El Ejército lleva generadores a las calles de Barcelona para recuperar la normalidad
M.J. FRANCO/ BARCELONA
El Ministerio de Defensa envió ayer quince grupos electrógenos a Barcelona, que se suman a los aportados por otros organismos y entidades para ayudar a que las personas que continuaban sin luz por tercer día consecutivo recuperaran el suministro.
Procedentes de Salamanca, Valencia y Zaragoza, los equipos permitieron llevar la luz a 1.256 viviendas de los barrios afectados por la grave avería eléctrica que se produjo el lunes poco antes de las once de la mañana y dejó sin suministro a 350.000 abonados. Un total de 43 militares se ocupan del control de los grupos electrógenos.
No es la primera vez que el Ejército presta ayuda a Cataluña en una situación de emergencia, pese a que su presencia ha sido reiteradamente cuestionada por ERC. De hecho, intentó que la movilización de unidades en las calles de Cataluña tuviese que ser aprobada y anunciada con quince días de antelación por el Congreso.
De Holanda y otros países
En esta crisis, los independentistas no han puesto ninguna pega al auxilio que presta el Ejército. En total, 134 grupos electrógenos se encuentran repartidos por la ciudad, algunos de ellos procedentes incluso de Holanda y de otros países europeos. Otros son de grandes obras como las del AVE. Ésta es una de las medidas provisionales que se habilitaron para solucionar el problema, aunque de manera muy precaria, según reconoce Fecsa-Endesa.
También se han instalado dos transformadores móviles en la subestación de Maragall, la más dañada de las tres afectadas por el cortocircuito que provocó la caída de un cable sobre otro en Collblanc. Por último, Fecsa-Endesa abrió una zanja en la calle Lepanto por la que se tendió un cableado subterráneo que conduce la electricidad desde la subestación de Vilanova hasta la de Maragall.

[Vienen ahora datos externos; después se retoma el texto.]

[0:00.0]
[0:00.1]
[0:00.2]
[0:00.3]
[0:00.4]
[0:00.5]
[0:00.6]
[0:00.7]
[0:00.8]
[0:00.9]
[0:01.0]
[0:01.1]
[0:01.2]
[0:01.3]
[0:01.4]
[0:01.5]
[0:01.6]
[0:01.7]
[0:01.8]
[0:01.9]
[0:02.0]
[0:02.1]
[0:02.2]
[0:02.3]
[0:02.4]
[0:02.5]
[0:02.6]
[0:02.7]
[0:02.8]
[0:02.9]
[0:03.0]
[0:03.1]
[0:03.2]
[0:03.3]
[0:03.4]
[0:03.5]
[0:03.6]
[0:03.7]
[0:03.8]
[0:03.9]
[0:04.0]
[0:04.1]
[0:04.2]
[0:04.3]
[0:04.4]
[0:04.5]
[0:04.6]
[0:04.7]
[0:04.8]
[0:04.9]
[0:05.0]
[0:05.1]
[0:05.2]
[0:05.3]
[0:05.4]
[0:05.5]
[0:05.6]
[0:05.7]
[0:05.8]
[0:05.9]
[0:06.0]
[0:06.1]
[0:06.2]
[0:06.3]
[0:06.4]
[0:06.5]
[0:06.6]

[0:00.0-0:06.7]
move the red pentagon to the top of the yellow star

Esta línea de apoyo permanecerá en ese lugar aun después de que el servicio se normalice.
Con estas medidas, a lo largo del día se fue devolviendo la luz a los 10.000 abonados que permanecían a oscuras desde el lunes. A las ocho menos cuarto de la tarde, tras cerca de 60 horas de apagón, Fecsa-Endesa anunció que a las siete toda Barcelona había recuperado el suministro, y destacaba que 700 técnicos habían trabajado ininterrumpidamente para que ello hubiera sido posible.

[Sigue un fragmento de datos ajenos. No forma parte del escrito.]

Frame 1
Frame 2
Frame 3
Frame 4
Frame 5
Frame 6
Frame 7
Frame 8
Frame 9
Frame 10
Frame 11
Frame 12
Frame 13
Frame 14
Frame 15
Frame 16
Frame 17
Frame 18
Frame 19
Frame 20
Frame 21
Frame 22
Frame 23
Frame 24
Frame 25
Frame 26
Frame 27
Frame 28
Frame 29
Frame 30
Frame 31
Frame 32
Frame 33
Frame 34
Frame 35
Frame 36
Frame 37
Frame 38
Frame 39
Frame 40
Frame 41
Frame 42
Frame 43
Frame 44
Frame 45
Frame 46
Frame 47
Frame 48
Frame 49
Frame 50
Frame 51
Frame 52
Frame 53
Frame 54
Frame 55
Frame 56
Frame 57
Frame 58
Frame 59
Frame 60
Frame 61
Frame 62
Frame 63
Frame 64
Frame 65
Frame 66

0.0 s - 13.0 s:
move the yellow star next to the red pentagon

No obstante, el servicio seguirá un tiempo en precario hasta el total restablecimiento de las líneas. Prueba de esa inestabilidad es que viviendas que habían recuperado la luz a media mañana volvían a perderla varias horas por la tarde.
El suministro llegaba cuando la paciencia de los afectados de los últimos barrios en recuperarlo estaba al límite, cuando no agotada. Las caceroladas de protesta que de forma espontánea protagonizaron los vecinos de Maragall la primera noche a oscuras, se ha ido extendiendo durante estos dos días por el resto de las zonas afectadas. A las caceroladas se unieron manifestaciones y cortes de tráfico, los últimos ayer por la tarde en el barrio de Gracia.

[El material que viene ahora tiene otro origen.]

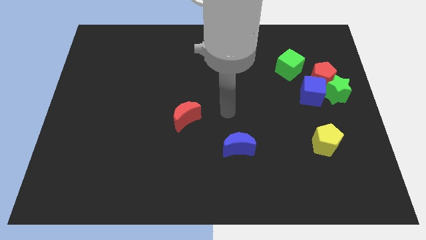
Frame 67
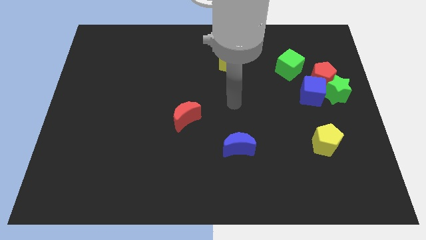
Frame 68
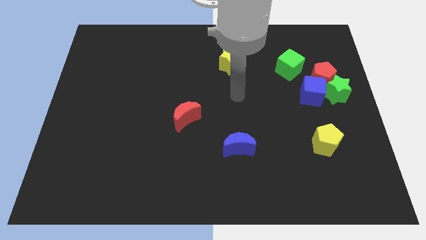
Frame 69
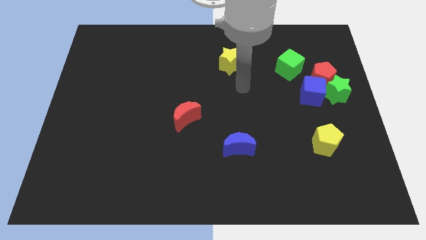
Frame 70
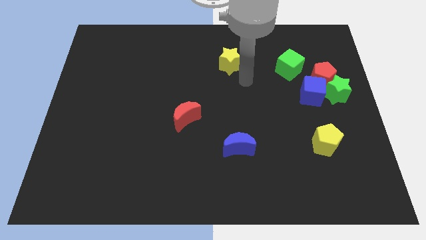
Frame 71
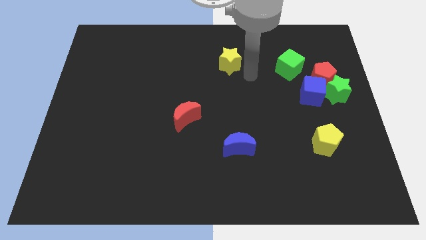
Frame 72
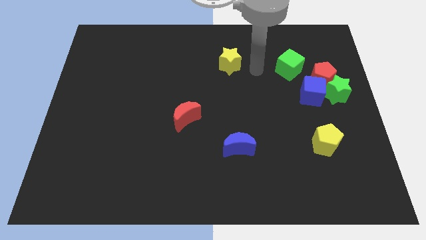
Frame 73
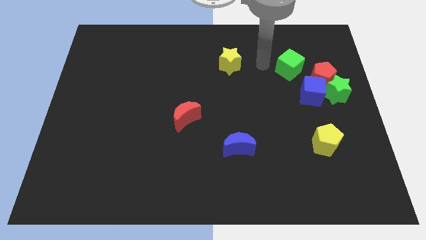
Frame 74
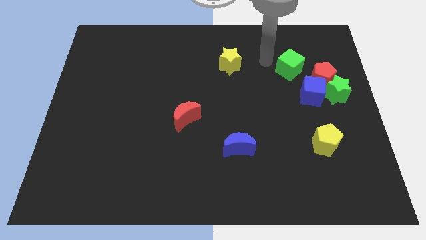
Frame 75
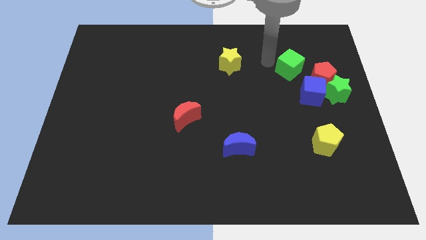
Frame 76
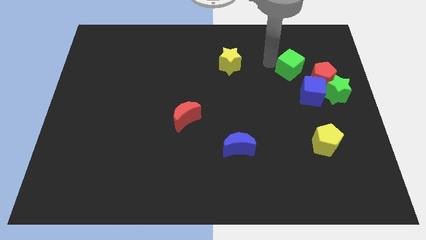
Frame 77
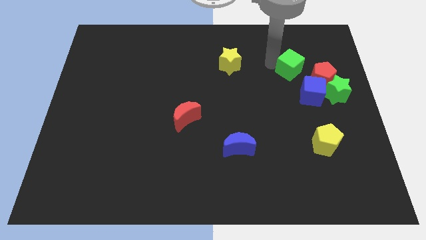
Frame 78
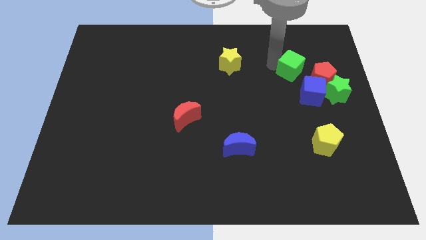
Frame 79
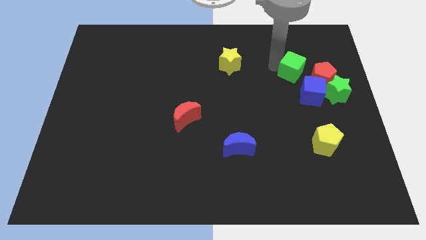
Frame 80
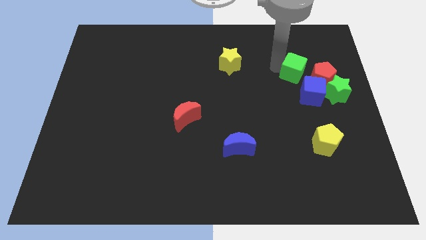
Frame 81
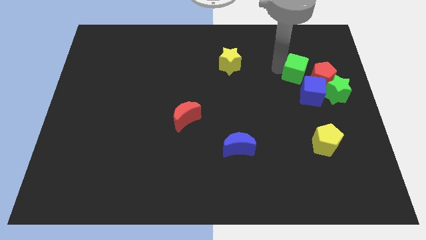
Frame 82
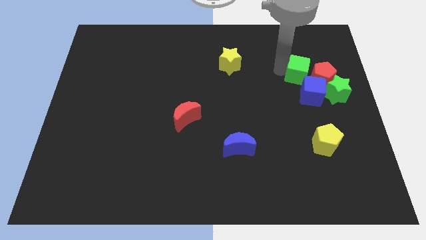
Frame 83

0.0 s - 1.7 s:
push the green cube towards the red pentagon

Un grupo de vecinos se concentró en el cruce de la calle Escorial con Travesera de Dalt y provocó importantes retenciones de tráfico. Muchos aseguraban que no era cierto que se hubiera restablecido el suministro, porque en sus casas seguían sin luz.
No pasó desapercibida para los barceloneses la coincidencia entre la situación que vive la ciudad y el anuncio de los favorables resultados de la empresa Endesa. Ese fue uno de los temas de conversación en la manifestación de Gracia, donde muchos vecinos sostenían que el volumen de ganancias no se traduce en inversiones, según informa Efe.